Katya doesn’t speak as she cleans the gash on his arm with stinging disinfectant, seals it shut with liquid stitches, and rewraps it in a roll of gauze. She puts pressure on the bone and frowns when he winces, then takes his hand and looks closely at his fingers.

“Your nails,” she says sadly.

She’s right: they’re ragged and disgusting, gray-black underneath. For just a moment, Ripple wishes he could transform into another sort of animal, preferably one without hands. Hooligan licks his face.

It takes two hours to coax Abby off the HowLux. It’s a Sin Bun, stuffed with Insomnisnacks from the first-aid kit, that finally does it. Ripple feeds it to her, crumb by gelatinous crumb, until her wild blue eyes turn heavy-lidded and drooping and her whimpers grow infrequent and she loosens her grip on the corpse of the Sorcerer’s Apprentice, which she’s clutching to her bosom like something precious. Then he picks her up, and to his surprise she clings to him, a drugged and flea-bitten marsupial, her sharp chin digging into his shoulder. With his one good arm he carries her back out onto the roof, where his mother and the servants are sitting on deck chairs, casting long shadows in the landing lights.

“Oh my.” Katya unplugs the meditation aids from her ears. She smiles the way she used to on the bare nightspot stages: like her entire family has just been killed. “Oh my!” Now she’s looking up. The servants follow her gaze; Ripple does too. A piece of the night sky is slowly dropping toward them. With a final fluttering plunge, it perches on one of the battlements. Ripple never thought a bird could glare, but there it is: Cuyahoga.

Under normal circumstances, Abby might resist a bath. But fuzzy-brained and limp-bodied, she sinks compliantly into the Swirlpool with hardly a mew of protest. Later, she will barely remember the numerous pulsing jets, the scented froth, the slick, pearly porcelain that encircles her like the shimmering mouth of a nautilus. What she will remember are Katya’s fingers, patient and deft, scrubbing her hair, working out the tangles, trimming the split ends, and finally plaiting it into a single braid that lies as heavy and reassuring as a hand on Abby’s back as she falls facefirst into her dreams.



* * *





Though they’ve been married for nineteen years, Katya Ripple has only on rare occasions had cause to visit her husband’s office. The room is wood-paneled, windowless, deep in the fortress of the house. She cannot talk to Humphrey here without feeling outnumbered. Mannequin heads line the shelves behind his desk, each one sporting a different toupee.

“So she’s a prostitute?” Humphrey hasn’t had his morning coffee yet. He wears a puce velour tracksuit today with a “Ripple Bros” logo embroidered on the sleeve, and is squirting wig glue between the sparse strands on his scalp.

“Hummer, you do not understand. You need to talk to your son.”

When Humphrey is annoyed, he looks even more like his brother than usual. Who are you to tell me what I understand? “Give me the broad strokes.”

“He fell onto Hoover Island. This girl found him and nursed him back to health.”

Humphrey squishes today’s toupee—a salt-and-pepper thatch with bushy sideburns—down onto his head and combs it in place with his fingers. “Found him? What was she doing out there?”

“It was her home.”

He’s dubious. “What does she want? Money?”

“You didn’t see them together. She was so trusting in his arms. And he—he looked so brave and strong, holding her up.

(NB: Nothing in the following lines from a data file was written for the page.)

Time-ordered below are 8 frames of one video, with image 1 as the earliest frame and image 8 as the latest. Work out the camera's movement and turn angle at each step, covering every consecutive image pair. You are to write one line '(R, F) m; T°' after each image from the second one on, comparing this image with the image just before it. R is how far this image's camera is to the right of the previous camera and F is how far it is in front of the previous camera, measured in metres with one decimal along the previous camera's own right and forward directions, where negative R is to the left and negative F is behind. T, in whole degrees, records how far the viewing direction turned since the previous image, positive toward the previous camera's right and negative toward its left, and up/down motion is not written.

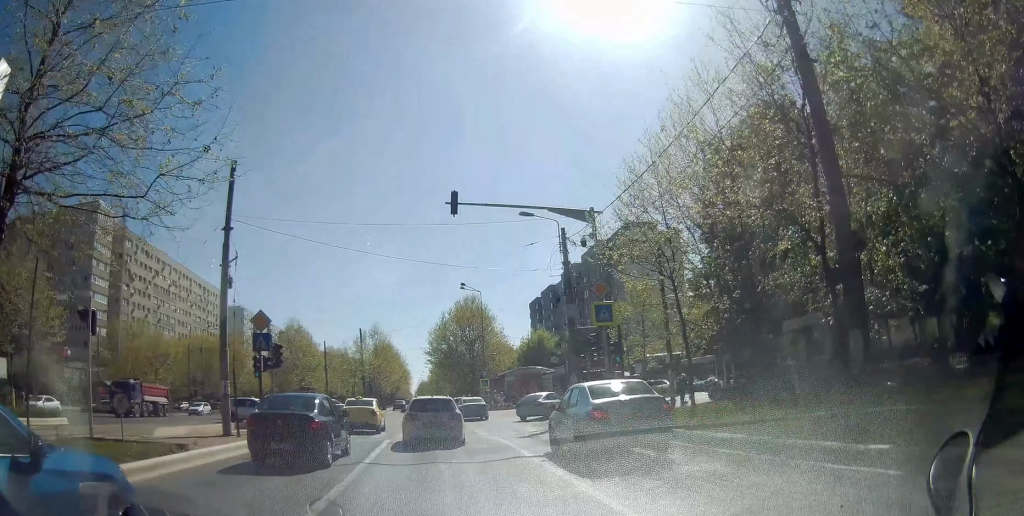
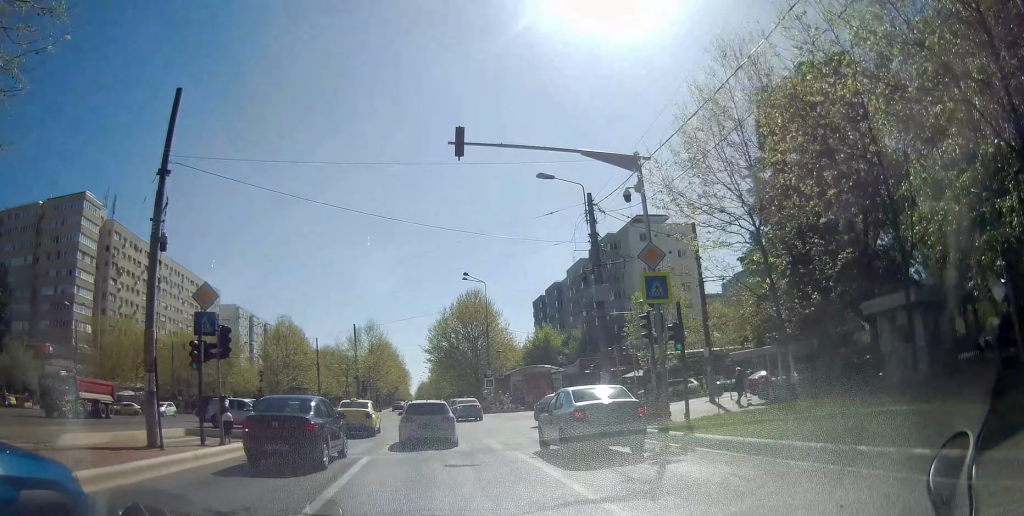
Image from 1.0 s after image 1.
(-0.1, +5.9) m; -4°
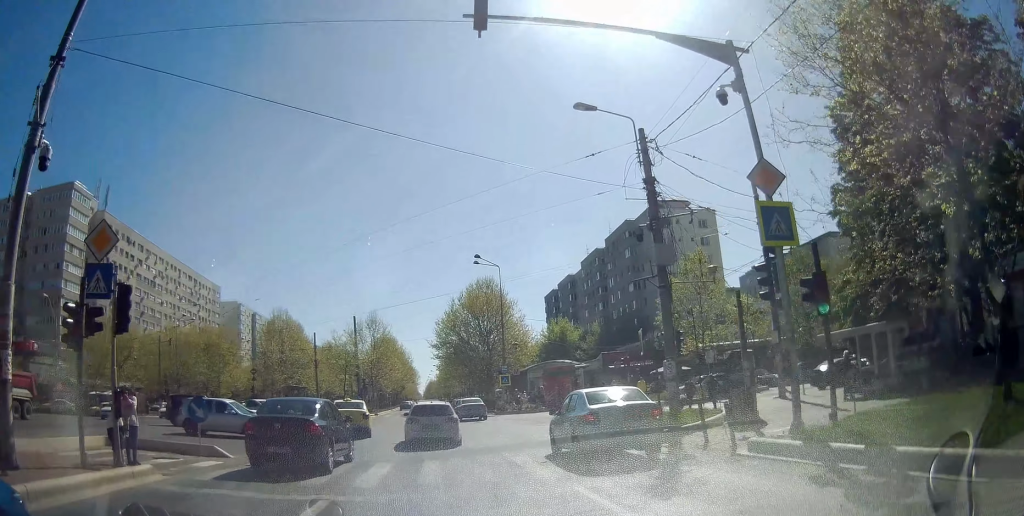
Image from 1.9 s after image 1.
(-0.4, +6.1) m; 0°
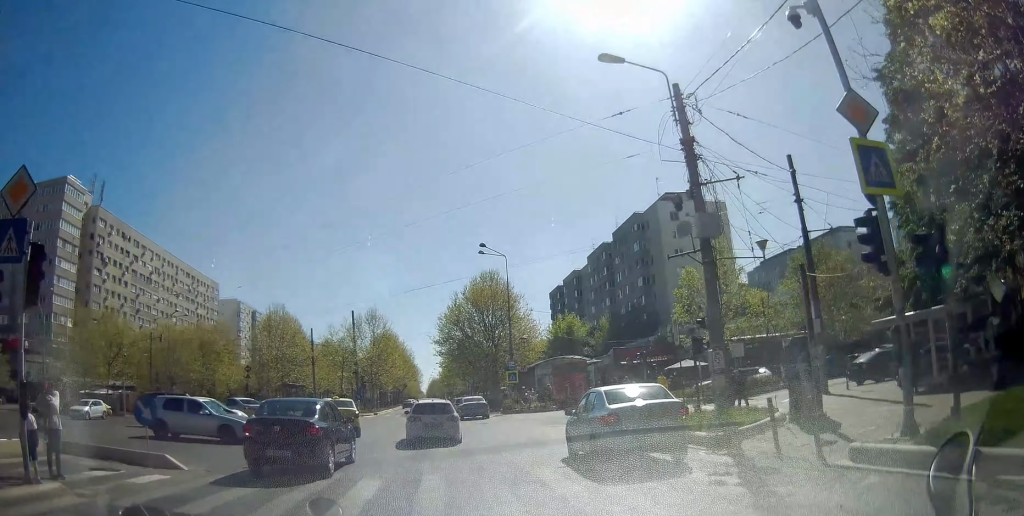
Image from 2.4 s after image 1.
(+0.2, +3.0) m; +1°
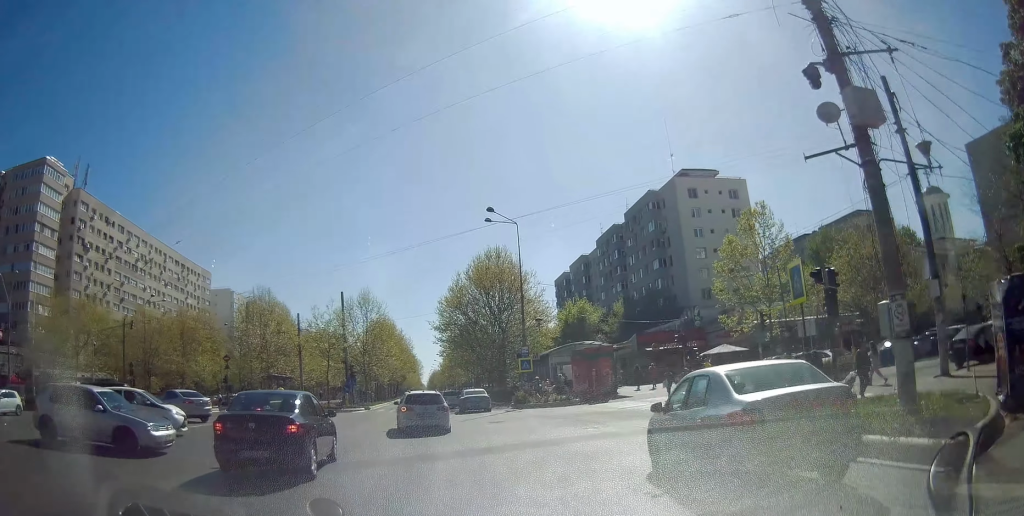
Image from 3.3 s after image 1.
(+0.1, +6.6) m; 0°
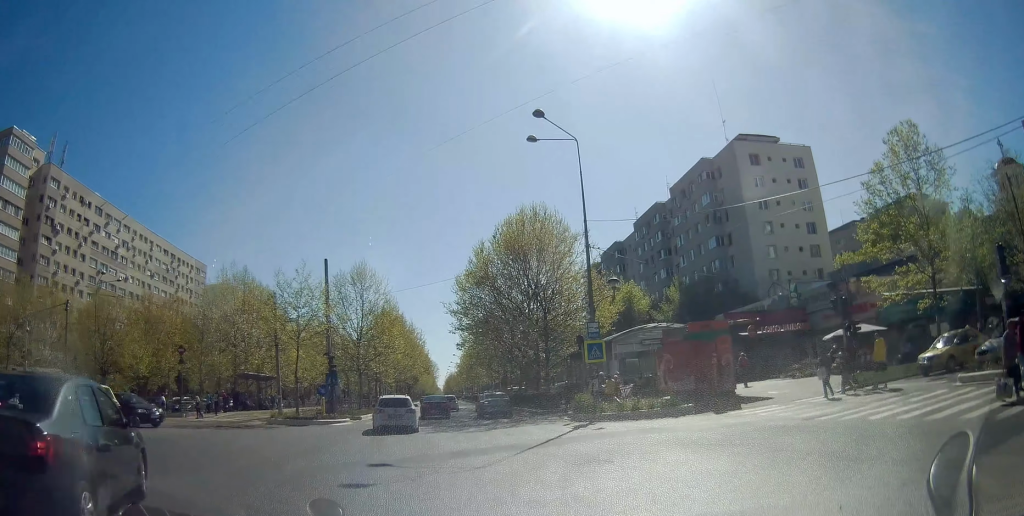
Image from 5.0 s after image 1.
(-0.2, +14.3) m; -1°
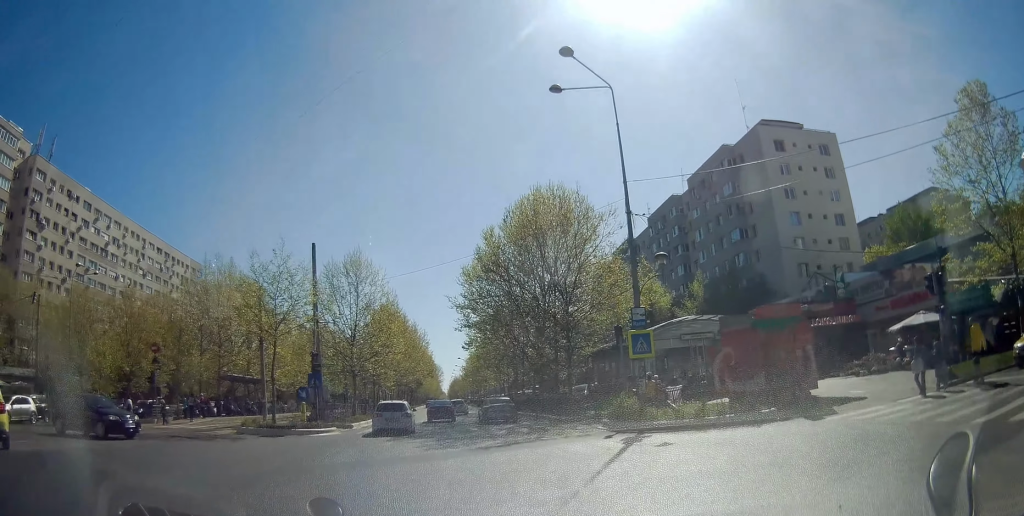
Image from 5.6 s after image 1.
(0.0, +5.5) m; -2°
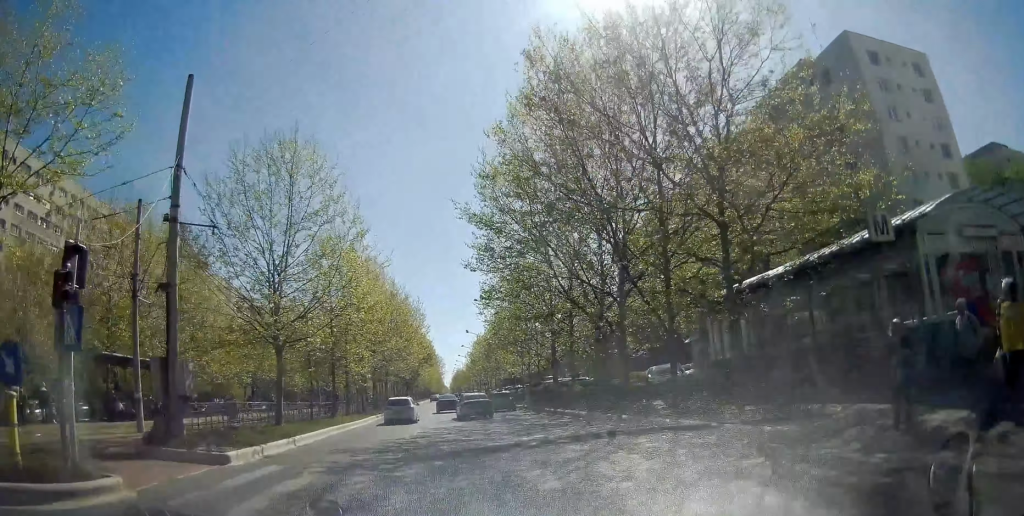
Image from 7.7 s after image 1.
(-0.5, +18.6) m; +2°

They care for each other.”

“For crying out loud, Kitty. Not this again.”

“Again?”

“Listen, I know you have your doubts about the Dahlberg match…”

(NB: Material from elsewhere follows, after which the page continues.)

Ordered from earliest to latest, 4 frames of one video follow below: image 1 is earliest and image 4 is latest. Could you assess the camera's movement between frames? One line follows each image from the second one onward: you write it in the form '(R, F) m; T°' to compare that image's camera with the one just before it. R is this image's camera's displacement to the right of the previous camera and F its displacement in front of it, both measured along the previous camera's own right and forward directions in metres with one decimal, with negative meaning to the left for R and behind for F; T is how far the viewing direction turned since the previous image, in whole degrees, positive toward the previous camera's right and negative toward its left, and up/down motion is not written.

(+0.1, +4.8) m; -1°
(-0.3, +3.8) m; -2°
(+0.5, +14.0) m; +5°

“I might have doubts, I might not. How can I know, when I was not CC’d? So many letters, back and forth, back and forth, and you never shared a single one!”

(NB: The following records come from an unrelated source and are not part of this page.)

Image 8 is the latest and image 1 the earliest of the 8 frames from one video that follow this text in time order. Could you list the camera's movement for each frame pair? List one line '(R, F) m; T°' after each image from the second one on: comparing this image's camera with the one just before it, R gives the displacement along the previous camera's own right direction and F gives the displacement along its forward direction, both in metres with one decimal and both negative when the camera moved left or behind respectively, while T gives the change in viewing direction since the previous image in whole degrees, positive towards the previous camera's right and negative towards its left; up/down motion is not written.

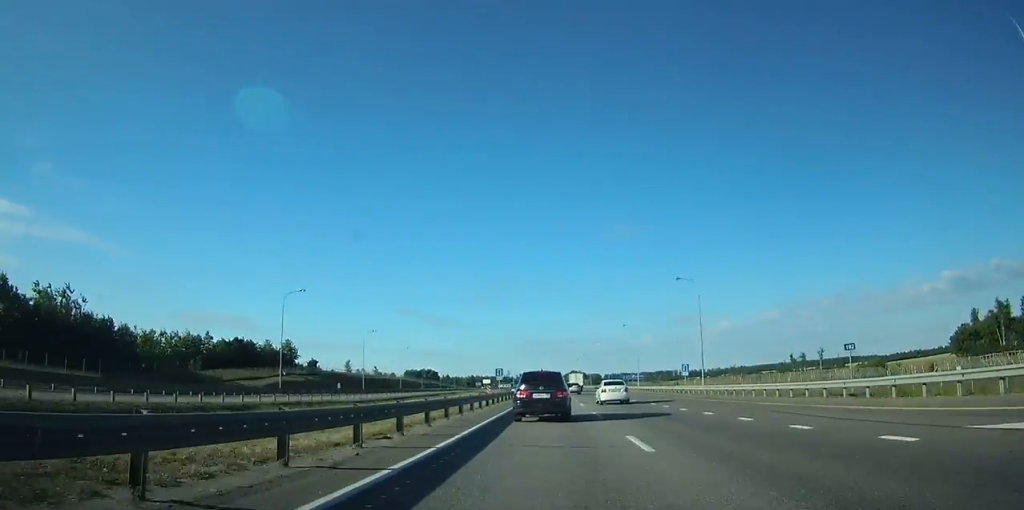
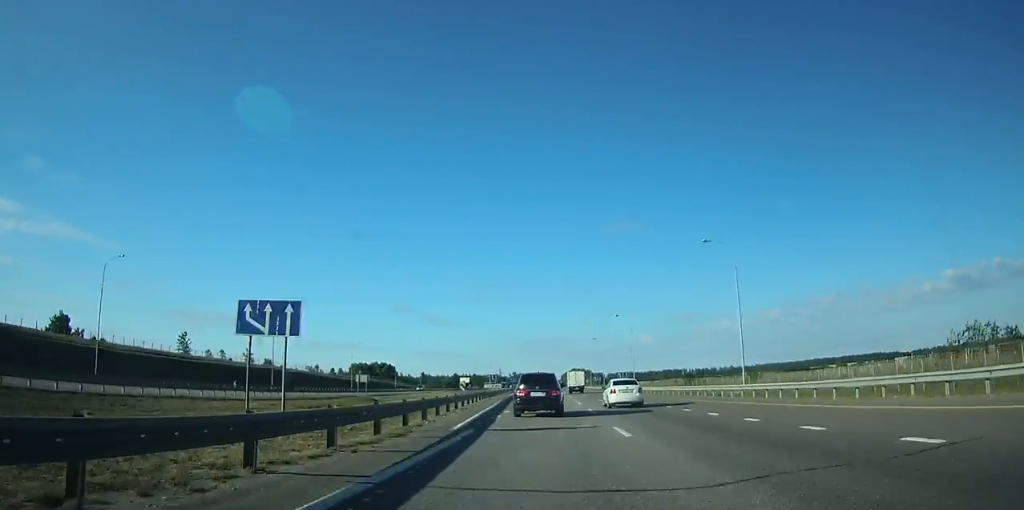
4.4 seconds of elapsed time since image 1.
(+0.3, +115.7) m; 0°
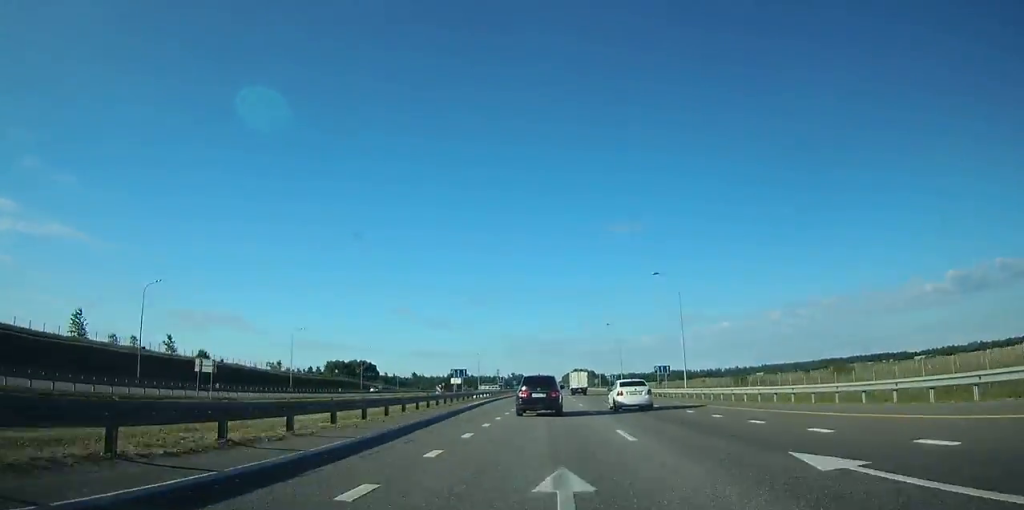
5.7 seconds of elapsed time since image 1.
(0.0, +36.5) m; 0°
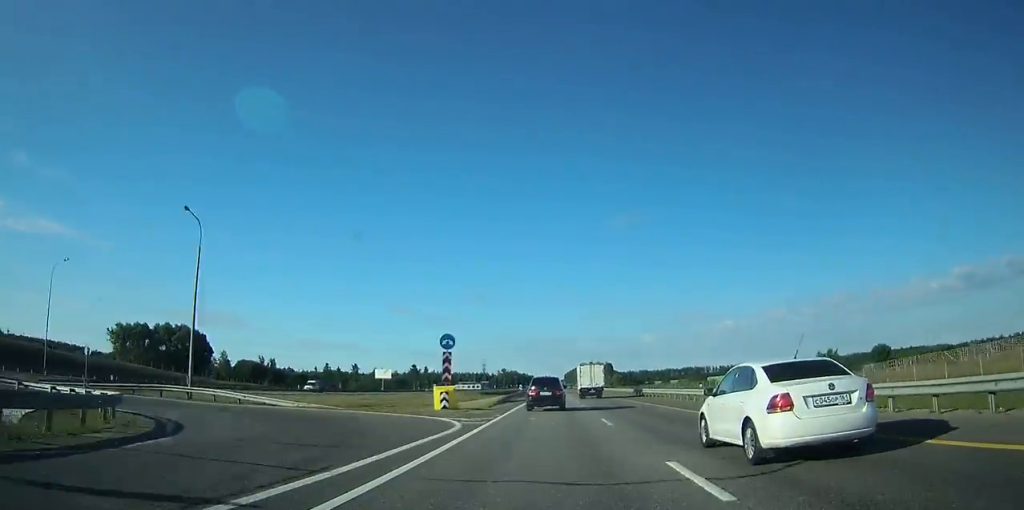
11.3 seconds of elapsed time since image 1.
(-0.4, +147.7) m; 0°
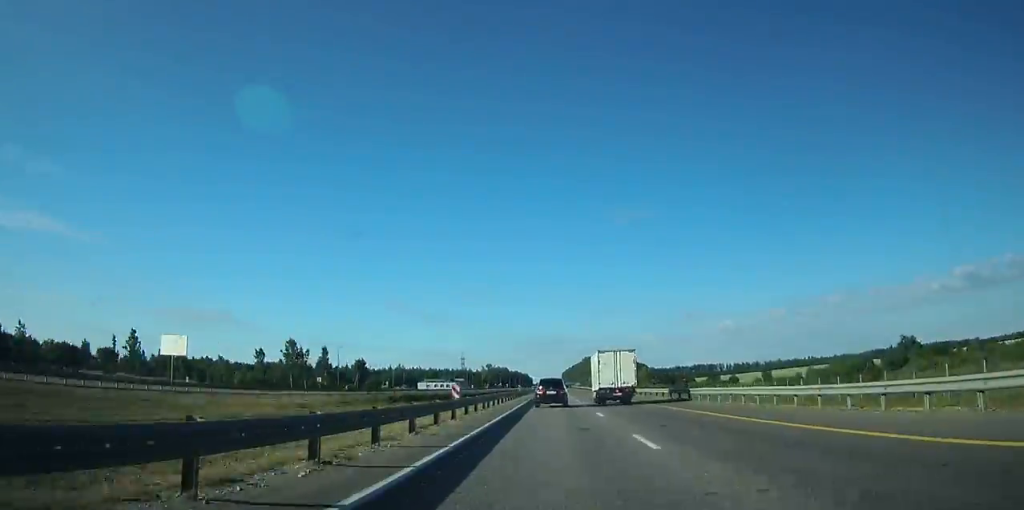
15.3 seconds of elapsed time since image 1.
(0.0, +110.5) m; 0°
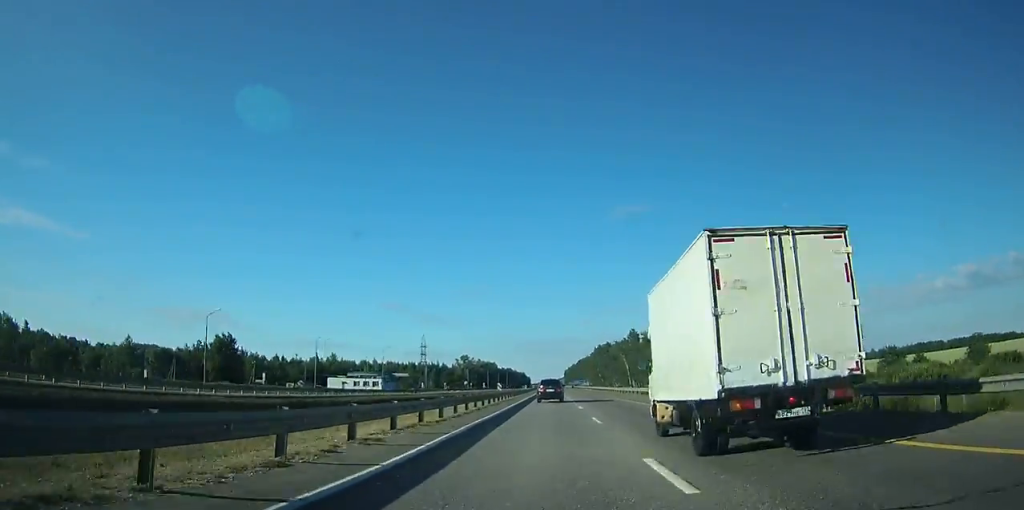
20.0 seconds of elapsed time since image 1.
(+0.3, +140.9) m; 0°
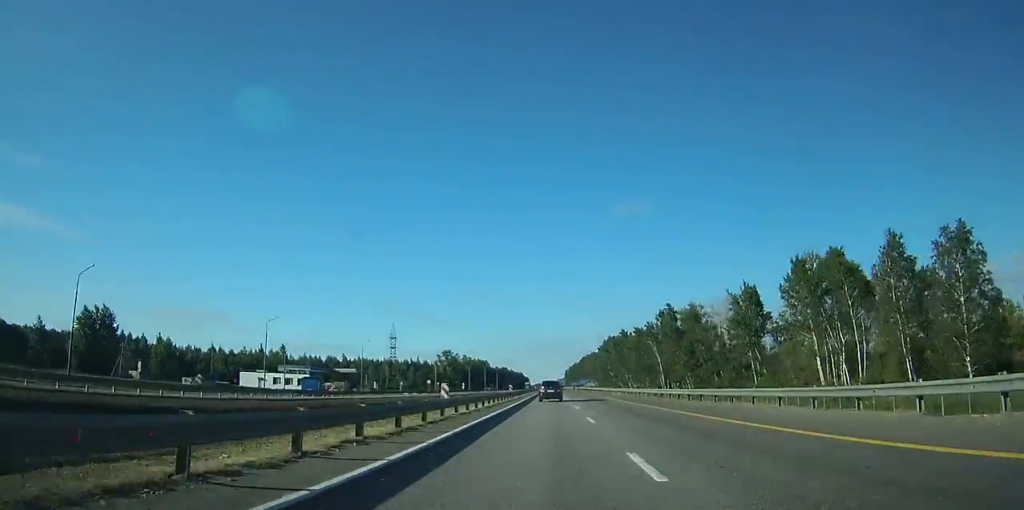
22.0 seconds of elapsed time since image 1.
(0.0, +63.9) m; 0°
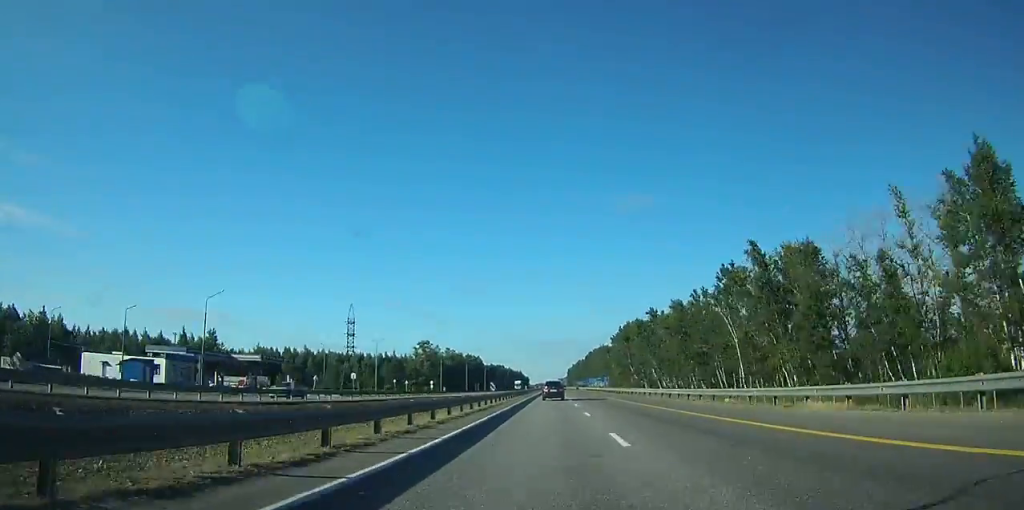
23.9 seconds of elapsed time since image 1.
(0.0, +60.1) m; 0°

Humphrey digs through a desk drawer, withdraws a large black trash bag. “Kitty, I told you, Pippi and I go a long way back. McGuffin-Stork helped us out of some real scrapes when I was working in Empire. Talking shop, she and I developed a kind of shorthand.”

“Anything you say to her, you should say to me.”

“There’s no reason to have you confusing things you don’t know anything about.”

“I know my son!”

“You don’t know about contracts, or trusts, or the larger holdings of this family. Nor can you possibly, possibly understand the responsibility that comes with carrying on a legacy like ours.”